▶ [About this exercise] The answer is the data below, repeated exactly, with no pictures included.

▶ [Records shown]
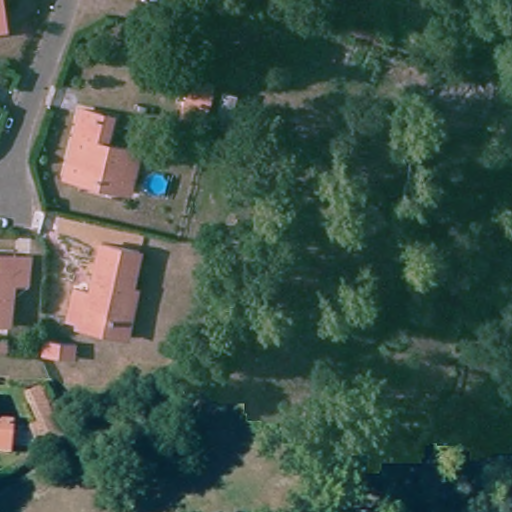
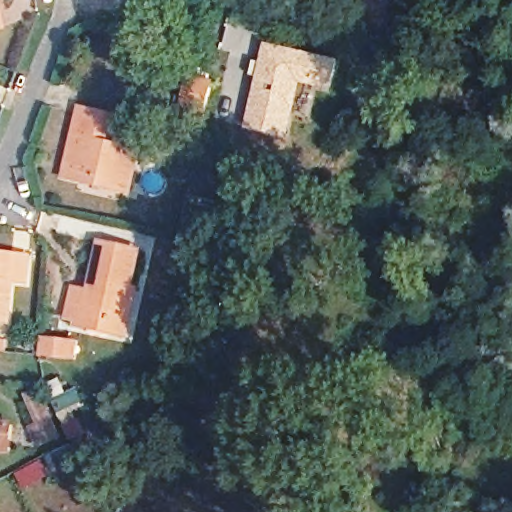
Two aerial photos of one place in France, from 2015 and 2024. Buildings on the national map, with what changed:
unchanged [(0,7),(6,34),(0,35),(0,7)]
new [(263,41),(339,59),(332,92),(301,85),(288,139),(243,128),(263,41)]
unchanged [(182,99),(190,70),(215,76),(205,116),(195,112),(180,109),(182,99)]
unchanged [(67,170),(79,118),(81,110),(96,113),(111,117),(109,126),(106,142),(139,152),(127,196),(109,192),(82,186),(84,174),(67,170)]
unchanged [(67,313),(76,282),(90,283),(99,239),(142,252),(136,285),(133,283),(126,315),(87,306),(83,318),(67,313)]
unchanged [(12,283),(7,318),(0,317),(0,250),(17,251),(30,252),(25,285),(12,283)]
unchanged [(87,306),(126,315),(133,283),(136,285),(142,287),(129,336),(82,323),(83,318),(87,306)]
unchanged [(42,339),(69,341),(69,355),(42,352),(42,339)]
unchanged [(11,453),(0,452),(0,425),(12,427),(11,453)]

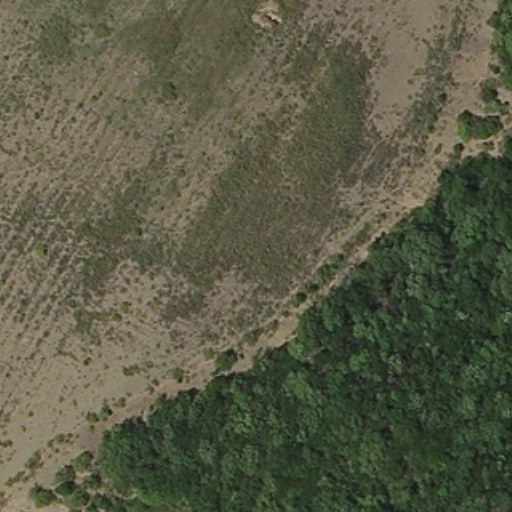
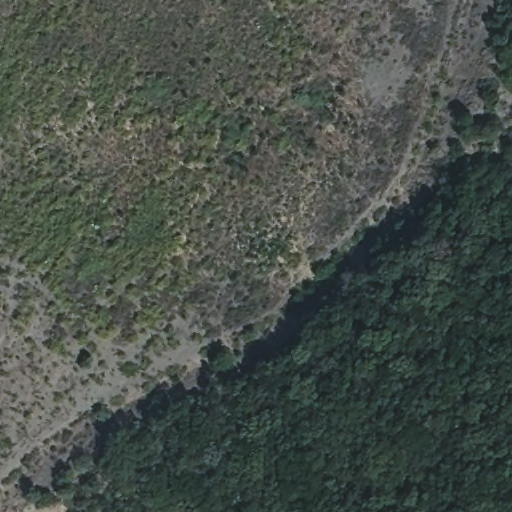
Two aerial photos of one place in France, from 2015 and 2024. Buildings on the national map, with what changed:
[]

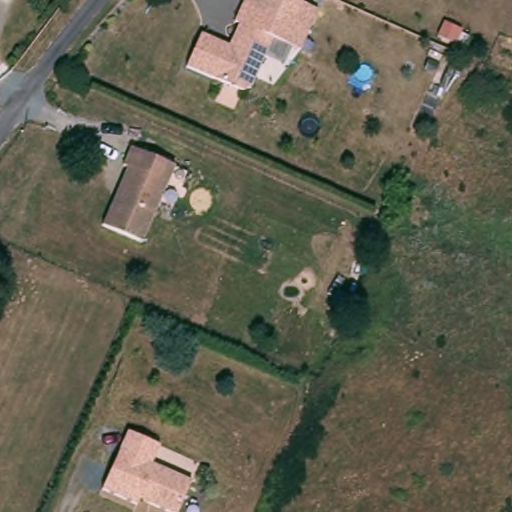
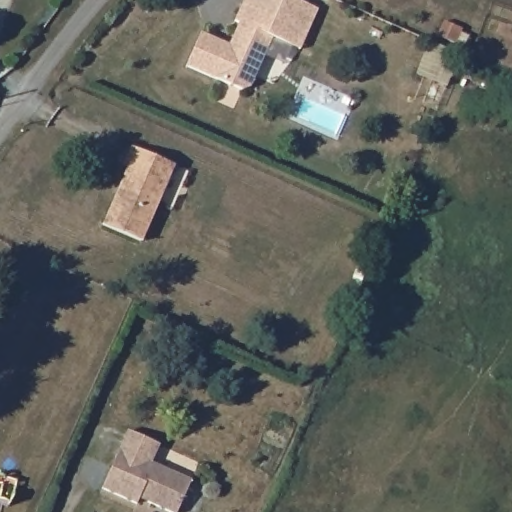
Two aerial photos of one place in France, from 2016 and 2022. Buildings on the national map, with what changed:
unchanged [(318,7),(302,48),(281,38),(289,21),(248,1),(248,0),(301,0),(318,7)]
unchanged [(240,19),(248,1),(289,21),(281,38),(277,36),(259,74),(254,85),(245,88),(227,79),(191,62),(206,29),(234,43),(237,36),(244,21),(240,19)]
unchanged [(126,167),(135,149),(178,169),(144,244),(105,226),(119,196),(123,186),(131,170),(126,167)]
unchanged [(126,493),(92,476),(119,419),(150,435),(142,453),(181,472),(165,505),(137,492),(129,487),(126,493)]

▶ [Answer to this task]
Two aerial photos of one place in France, from 2015 and 2024. Buildings on the national map, with what changed:
unchanged [(0,7),(6,34),(0,35),(0,7)]
new [(263,41),(339,59),(332,92),(301,85),(288,139),(243,128),(263,41)]
unchanged [(182,99),(190,70),(215,76),(205,116),(195,112),(180,109),(182,99)]
unchanged [(67,170),(79,118),(81,110),(96,113),(111,117),(109,126),(106,142),(139,152),(127,196),(109,192),(82,186),(84,174),(67,170)]
unchanged [(67,313),(76,282),(90,283),(99,239),(142,252),(136,285),(133,283),(126,315),(87,306),(83,318),(67,313)]
unchanged [(12,283),(7,318),(0,317),(0,250),(17,251),(30,252),(25,285),(12,283)]
unchanged [(87,306),(126,315),(133,283),(136,285),(142,287),(129,336),(82,323),(83,318),(87,306)]
unchanged [(42,339),(69,341),(69,355),(42,352),(42,339)]
unchanged [(11,453),(0,452),(0,425),(12,427),(11,453)]

Two aerial photos of one place in France, from 2015 and 2024. Buildings on the national map, with what changed:
[]

Two aerial photos of one place in France, from 2016 and 2022. Buildings on the national map, with what changed:
unchanged [(318,7),(302,48),(281,38),(289,21),(248,1),(248,0),(301,0),(318,7)]
unchanged [(240,19),(248,1),(289,21),(281,38),(277,36),(259,74),(254,85),(245,88),(227,79),(191,62),(206,29),(234,43),(237,36),(244,21),(240,19)]
unchanged [(126,167),(135,149),(178,169),(144,244),(105,226),(119,196),(123,186),(131,170),(126,167)]
unchanged [(126,493),(92,476),(119,419),(150,435),(142,453),(181,472),(165,505),(137,492),(129,487),(126,493)]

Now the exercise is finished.